I read the code in export_pb_tflite_models.py
. The following code compress the model, but I think these operation will save in the pb
file, and the new output x
rely on kernel_gthr
, kernel_shrk
and conv
operation. I want to know these operation will exec when inference?
kernel_gthr = np.zeros((1, 1, kernel_chn_in, nnzs.size))
kernel_gthr[0, 0, nnzs, np.arange(nnzs.size)] = 1.0
kernel_shrk = kernel[:, :, nnzs, :]
x = tf.nn.conv2d(op.inputs[0], kernel_gthr, [1, 1, 1, 1], 'SAME', data_format=data_format)
x = tf.nn.conv2d(
x, kernel_shrk, strides, padding, data_format=data_format, dilations=dilations)
kernel_gthr
and kernel_shrk
will be stored as constants, and x
relies on op.inputs[0]
, which is the input of the original convolutional layer.
thanks.
- Whether the model size will be reduced? Because the model add new variable, such as, kernel_gthr and kernel_shrk, and not delete the old variable.
- Whether the model calculation will be reduced? Because add new operation, such as
x = tf.nn.conv2d(op.inputs[0], kernel_gthr, [1, 1, 1, 1], 'SAME', data_format=data_format)
x = tf.nn.conv2d(
x, kernel_shrk, strides, padding, data_format=data_format, dilations=dilations)

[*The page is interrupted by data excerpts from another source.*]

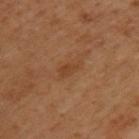Captured during whole-body skin photography for melanoma surveillance; the lesion was not biopsied. Automated image analysis of the tile measured a footprint of about 3.5 mm² and an outline eccentricity of about 0.85 (0 = round, 1 = elongated). It also reported a mean CIELAB color near L≈41 a*≈22 b*≈34. It also reported a border-irregularity index near 4/10, internal color variation of about 1.5 on a 0–10 scale, and peripheral color asymmetry of about 0.5. Imaged with cross-polarized lighting. On the upper back. The subject is a male aged approximately 50. The recorded lesion diameter is about 3 mm. Cropped from a total-body skin-imaging series; the visible field is about 15 mm.
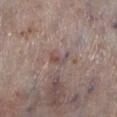Notes:
– notes: catalogued during a skin exam; not biopsied
– lesion size: ≈2.5 mm
– illumination: white-light
– image: ~15 mm crop, total-body skin-cancer survey
– body site: the left lower leg
– patient: male, in their 80s
– TBP lesion metrics: a lesion color around L≈49 a*≈16 b*≈19 in CIELAB and a lesion-to-skin contrast of about 5.5 (normalized; higher = more distinct); a border-irregularity index near 4.5/10, internal color variation of about 1 on a 0–10 scale, and peripheral color asymmetry of about 0
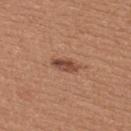This lesion was catalogued during total-body skin photography and was not selected for biopsy.
Captured under white-light illumination.
A close-up tile cropped from a whole-body skin photograph, about 15 mm across.
A female patient aged 53 to 57.
On the upper back.
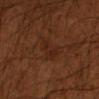Assessment:
No biopsy was performed on this lesion — it was imaged during a full skin examination and was not determined to be concerning.
Background:
This is a cross-polarized tile. A region of skin cropped from a whole-body photographic capture, roughly 15 mm wide. The patient is a male aged around 55. The lesion is on the left forearm. Longest diameter approximately 3.5 mm.
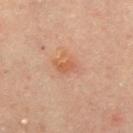Assessment:
The lesion was tiled from a total-body skin photograph and was not biopsied.
Background:
This image is a 15 mm lesion crop taken from a total-body photograph. From the abdomen. A male subject, aged 63–67. Imaged with cross-polarized lighting. About 3 mm across.
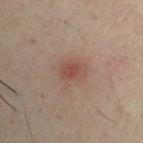  biopsy_status: not biopsied; imaged during a skin examination
  image:
    source: total-body photography crop
    field_of_view_mm: 15
  lesion_size:
    long_diameter_mm_approx: 3.0
  patient:
    sex: male
    age_approx: 30
  site: right upper arm
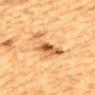Impression:
No biopsy was performed on this lesion — it was imaged during a full skin examination and was not determined to be concerning.
Acquisition and patient details:
Located on the back. A 15 mm close-up extracted from a 3D total-body photography capture. A male patient about 85 years old or older. The tile uses cross-polarized illumination. Automated image analysis of the tile measured a mean CIELAB color near L≈55 a*≈21 b*≈39 and roughly 12 lightness units darker than nearby skin. And it measured border irregularity of about 7 on a 0–10 scale and radial color variation of about 2.
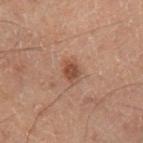Notes:
- biopsy status — catalogued during a skin exam; not biopsied
- subject — male, roughly 70 years of age
- imaging modality — total-body-photography crop, ~15 mm field of view
- body site — the leg
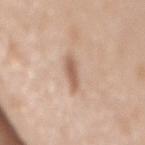biopsy status = imaged on a skin check; not biopsied | imaging modality = total-body-photography crop, ~15 mm field of view | tile lighting = white-light illumination | patient = female, in their 50s | size = ~3.5 mm (longest diameter) | location = the mid back | automated lesion analysis = a color-variation rating of about 1/10 and peripheral color asymmetry of about 0.
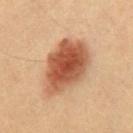{"image": {"source": "total-body photography crop", "field_of_view_mm": 15}, "site": "chest", "patient": {"sex": "male", "age_approx": 60}}
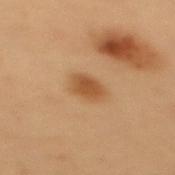Notes:
• notes: imaged on a skin check; not biopsied
• subject: female, aged around 40
• body site: the upper back
• automated lesion analysis: radial color variation of about 0.5; a lesion-detection confidence of about 100/100
• imaging modality: ~15 mm tile from a whole-body skin photo
• tile lighting: cross-polarized
• lesion diameter: ~3 mm (longest diameter)
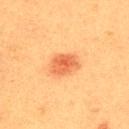  biopsy_status: not biopsied; imaged during a skin examination
  image:
    source: total-body photography crop
    field_of_view_mm: 15
  patient:
    sex: male
    age_approx: 40
  lesion_size:
    long_diameter_mm_approx: 3.5
  site: upper back
  automated_metrics:
    cielab_L: 54
    cielab_a: 28
    cielab_b: 38
    vs_skin_darker_L: 11.0
    vs_skin_contrast_norm: 7.0
    color_variation_0_10: 4.0

- Old variables are deleted in *.pb & *.tflite models, since they are not used when computing the final outputs.
- If the kernel size is larger than 1 (e.g. 3x3 conv), the FLOPs will be reduced. For 1x1 conv, we recommend using the "tf.gather + 3 x 3 conv" scheme for graph transformation.

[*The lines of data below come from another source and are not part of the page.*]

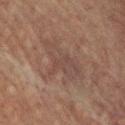- workup — no biopsy performed (imaged during a skin exam)
- site — the front of the torso
- diameter — ≈7 mm
- TBP lesion metrics — border irregularity of about 7.5 on a 0–10 scale and a peripheral color-asymmetry measure near 1; an automated nevus-likeness rating near 0 out of 100 and a lesion-detection confidence of about 80/100
- patient — male, aged approximately 60
- imaging modality — 15 mm crop, total-body photography
- illumination — cross-polarized illumination
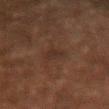workup: total-body-photography surveillance lesion; no biopsy.
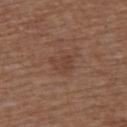<case>
<lighting>white-light</lighting>
<image>
  <source>total-body photography crop</source>
  <field_of_view_mm>15</field_of_view_mm>
</image>
<site>back</site>
<patient>
  <sex>female</sex>
  <age_approx>75</age_approx>
</patient>
<lesion_size>
  <long_diameter_mm_approx>3.0</long_diameter_mm_approx>
</lesion_size>
</case>
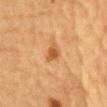The lesion was photographed on a routine skin check and not biopsied; there is no pathology result.
A close-up tile cropped from a whole-body skin photograph, about 15 mm across.
A male subject aged around 85 or older.
From the chest.
The total-body-photography lesion software estimated a lesion area of about 3.5 mm², a shape eccentricity near 0.65, and two-axis asymmetry of about 0.3. It also reported a lesion color around L≈49 a*≈22 b*≈40 in CIELAB, a lesion–skin lightness drop of about 10, and a normalized border contrast of about 7.5. The analysis additionally found border irregularity of about 2.5 on a 0–10 scale, a color-variation rating of about 1.5/10, and radial color variation of about 0.5. It also reported a classifier nevus-likeness of about 85/100 and a lesion-detection confidence of about 100/100.
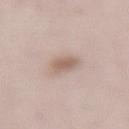biopsy status = catalogued during a skin exam; not biopsied
location = the back
image-analysis metrics = an average lesion color of about L≈60 a*≈16 b*≈25 (CIELAB), about 10 CIELAB-L* units darker than the surrounding skin, and a normalized border contrast of about 6.5; an automated nevus-likeness rating near 90 out of 100 and a lesion-detection confidence of about 100/100
subject = female, aged 28–32
lesion size = ~2.5 mm (longest diameter)
tile lighting = white-light illumination
acquisition = ~15 mm tile from a whole-body skin photo
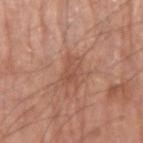{"biopsy_status": "not biopsied; imaged during a skin examination", "lighting": "white-light", "site": "right upper arm", "automated_metrics": {"area_mm2_approx": 4.5, "eccentricity": 0.9, "shape_asymmetry": 0.25}, "patient": {"sex": "male", "age_approx": 75}, "image": {"source": "total-body photography crop", "field_of_view_mm": 15}, "lesion_size": {"long_diameter_mm_approx": 3.5}}

This is the pb file generated by export_pb_tflite_models.py
, that the pb file of compress model is bigger than the pb file of original model.

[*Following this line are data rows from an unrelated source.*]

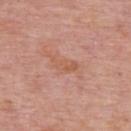| key | value |
|---|---|
| biopsy status | catalogued during a skin exam; not biopsied |
| image | ~15 mm tile from a whole-body skin photo |
| illumination | white-light illumination |
| subject | male, aged approximately 75 |
| lesion size | ~3.5 mm (longest diameter) |
| site | the upper back |
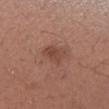  biopsy_status: not biopsied; imaged during a skin examination
  image:
    source: total-body photography crop
    field_of_view_mm: 15
  lesion_size:
    long_diameter_mm_approx: 3.5
  site: right forearm
  automated_metrics:
    cielab_L: 45
    cielab_a: 22
    cielab_b: 27
    vs_skin_darker_L: 8.0
    vs_skin_contrast_norm: 6.0
  patient:
    sex: female
    age_approx: 25
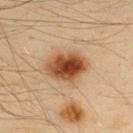Assessment: No biopsy was performed on this lesion — it was imaged during a full skin examination and was not determined to be concerning. Image and clinical context: A region of skin cropped from a whole-body photographic capture, roughly 15 mm wide. The lesion's longest dimension is about 5 mm. The subject is a male aged 33–37. The lesion is on the upper back. This is a cross-polarized tile.

-rw-rw-r--. 1 zgz zgz 95082914 Jan 25 15:53 model_original.pb
-rw-rw-r--. 1 zgz zgz 104845311 Jan 25 15:53 model_transformed.pb
The model models_resnet_20_at_cifar_10.tar.gz
supported by PockerFlow generate pb file that the size of model_transformed.pb
is not half of the size of model_original.pb
.
-rw-rw-r--. 1 zgz zgz 1148712 Jan 25 18:14 model_original.pb
-rw-rw-r--. 1 zgz zgz 1028228 Jan 25 18:14 model_transformed.pb
Which model are you using?
I modify code beacuse report error ValueError: Cannot feed value of shape (1, 224, 224, 3) for Tensor 'import/net_input:0', which has shape '(32, 224, 224, 3)'
.
So I change net['input_data'] = np.zeros(tuple([1] + list(net['input_shape'][1:])), dtype=np.float32)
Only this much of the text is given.